Gennaio
2005
Il Protocollo di Kyoto entrerà in vigore
dal prossimo 16 febbraio (2005).
Trentanove paesi
industrializzati, fra cui l’Italia ma esclusi gli USA (!!), si sono impegnati a
tagliare complessivamente del 5 % entro il 2008-2012 le proprie emissioni di
gas accusati di surriscaldare
L’impegno è
importante e dimostra sensibilità nei confronti della sopravvivenza del Pianeta
e, con esso, del futuro dei suoi abitanti ma, soprattutto, dimostra che il
problema è serio.
Parliamo d’emissioni
d’anidride carbonica (Co2), inquinanti l’atmosfera ed il suo ecosistema in cui
tutti noi viviamo.
E’ stato pensato un
sistema d’incentivi globalizzato.
Per evitare
sanzioni, i paesi aderenti al protocollo e le loro aziende hanno due strade:
investire
in tecnologie pulite o comprare permessi d’emissione da chi è in grado di
venderli.
E’ in grado di
vendere permessi chi ha crediti ottenuti grazie ad interventi virtuosi di
tutela ambientale, all’interno del proprio Paese oppure presso Paesi in via di
sviluppo, dove le attività hanno un
costo inferiore perché in fase iniziale.
Questi crediti danno
ad un Paese un duplice vantaggio: preservare l’ambiente e poter rientrare,
almeno in parte, dei costi relativi all’investimento attraverso la vendita dei
diritti.
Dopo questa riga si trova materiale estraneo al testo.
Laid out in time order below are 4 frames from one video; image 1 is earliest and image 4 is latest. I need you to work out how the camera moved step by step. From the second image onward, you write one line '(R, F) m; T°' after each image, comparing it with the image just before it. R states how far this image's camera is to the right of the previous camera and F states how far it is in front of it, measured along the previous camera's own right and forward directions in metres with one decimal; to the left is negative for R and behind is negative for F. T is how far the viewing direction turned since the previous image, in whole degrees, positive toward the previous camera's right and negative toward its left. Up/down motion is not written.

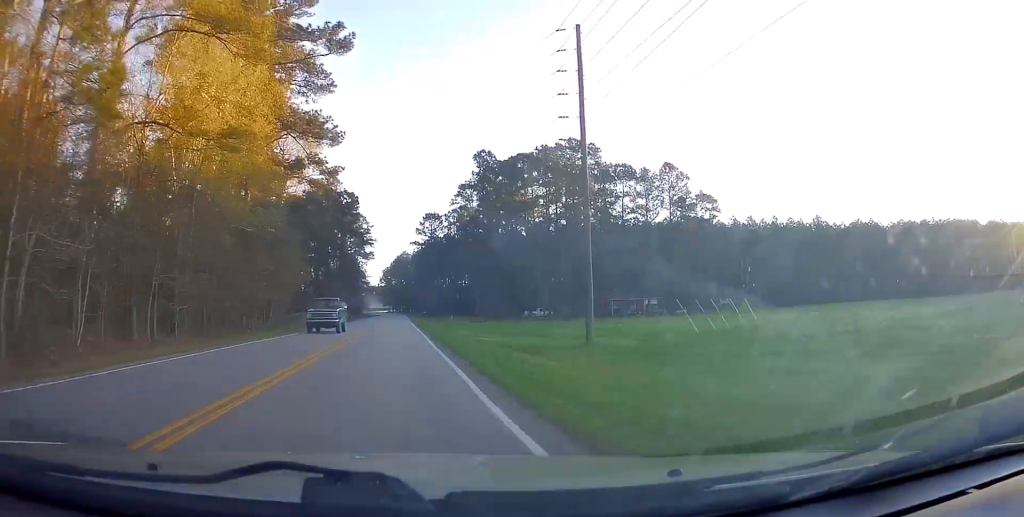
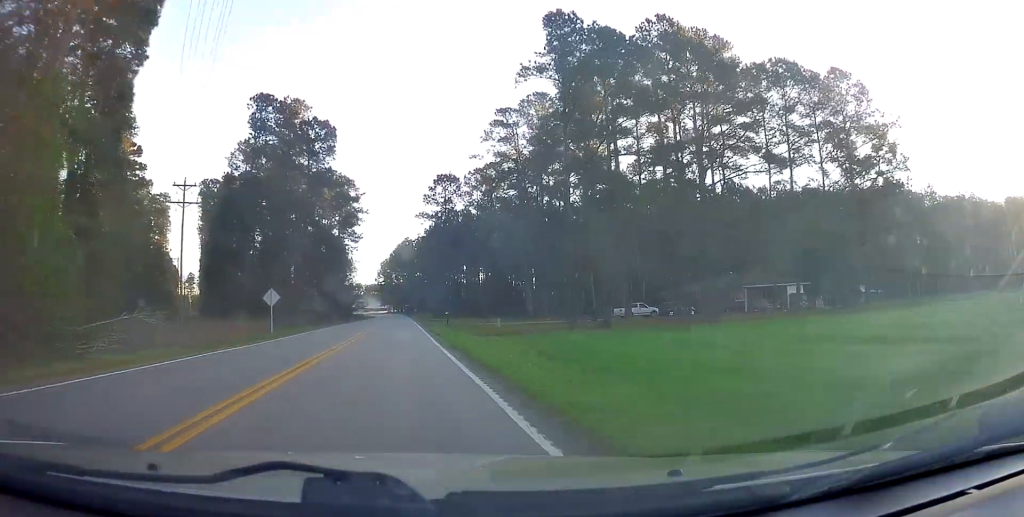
(-0.5, +43.8) m; -2°
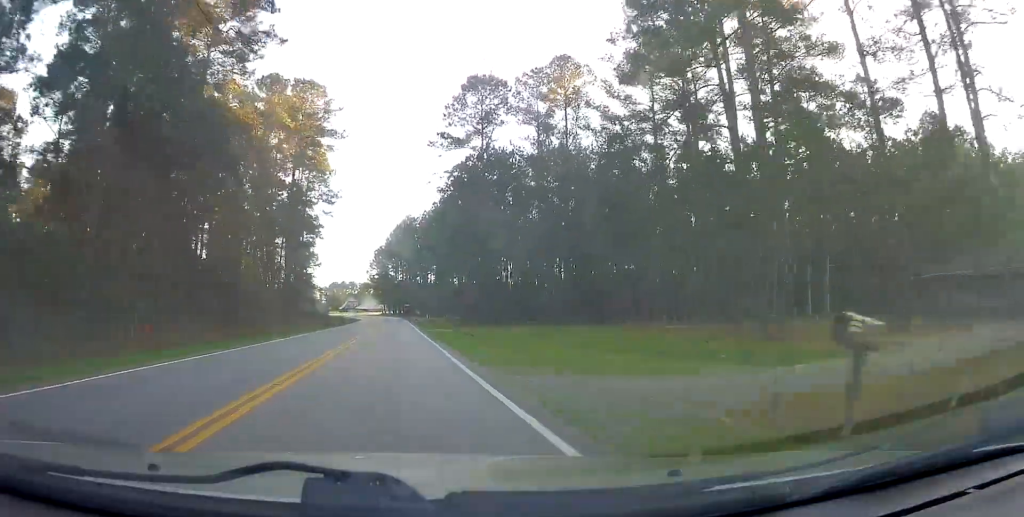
(-0.1, +48.7) m; +1°
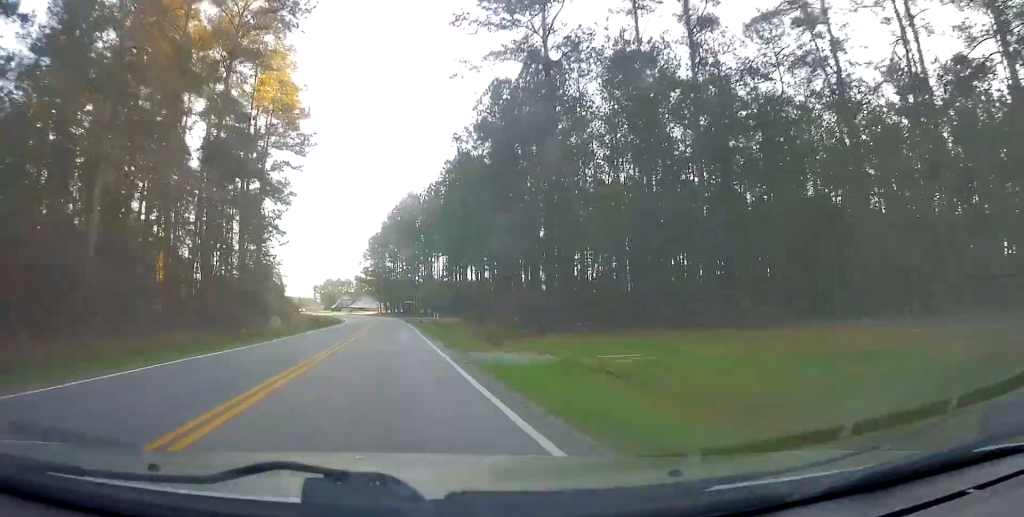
(+0.3, +27.8) m; +2°

Il Paese che non vuole investire, potrà evitare le sanzioni comprando
i diritti da chi li possiede, sostenendo – comunque – un costo; questo Paese
sarà così costretto a valutare un intervento strutturale per ammortizzare nel
tempo i costi ambientali e diventare, a sua volta, creditore.
Il meccanismo non fa
una piega a patto che il prezzo dei “diritti ambientali” sia tale da
scoraggiare le emissioni inquinanti ed incoraggiare l’investimento negli
impianti e che ci sia un organismo
indipendente di controllo.
Le aziende dovranno,
comunque, dotarsi – al minimo – d’impianti per la misurazione delle emissioni
ed i processi relativi dovranno essere certificati
da società accreditate come Sgs Italia, Det Norske Veritas, Tuv Industrie e
Japan Quality Assurance.
Queste società si
occupano di emission trading ossia
di trovare il posto più efficiente e meno costoso per ridurre le emissioni.
Si calcola che il
business del risanamento dell’atmosfera muoverà dai 7 ai 15 miliardi di euro
l’anno che, molto probabilmente, si riverseranno – almeno in parte – sul costo
dei prodotti e/o servizi; io credo che, comunque, questo sia un rischio
accettabile e calcolato in quanto diversamente il prezzo da pagare sarebbe, nel
tempo, molto, molto più alto.
Occorrerà, tuttavia,
che vengano effettuati dei controlli affinché le aziende non strumentalizzino
questi interventi per aumentare senza motivo i loro prezzi; l’introduzione
dell’euro ed il relativo, ingiustificato aumento dei prezzi dovrebbe aver
insegnato qualcosa ai nostri governanti!!!!!!!!
In Italia sono
coinvolti oltre un migliaio d’operatori che, per la loro attività, emettono
nell’atmosfera anidride carbonica, fra cui Enel, Eni, Italcementi, Riva, Lucchini,
Burgo tanto per citare i più noti. L’Eni ha già piani di recupero in Libia e
l’Enel ammodernerà impianti in Russia e Slovacchia cosicché potrà inquinare in Italia,
ma pareggerà i conti planetari fuori confine; in fondo, si tratta di ridurre il
buco dell’ozono che stà sopra tutti noi abitanti del Pianeta Terra, italiani e
non.
Sui controlli
ritengo ci siano maglie un po’ larghe, tuttavia voglio essere fiduciosa, ma
attenta agli sviluppi.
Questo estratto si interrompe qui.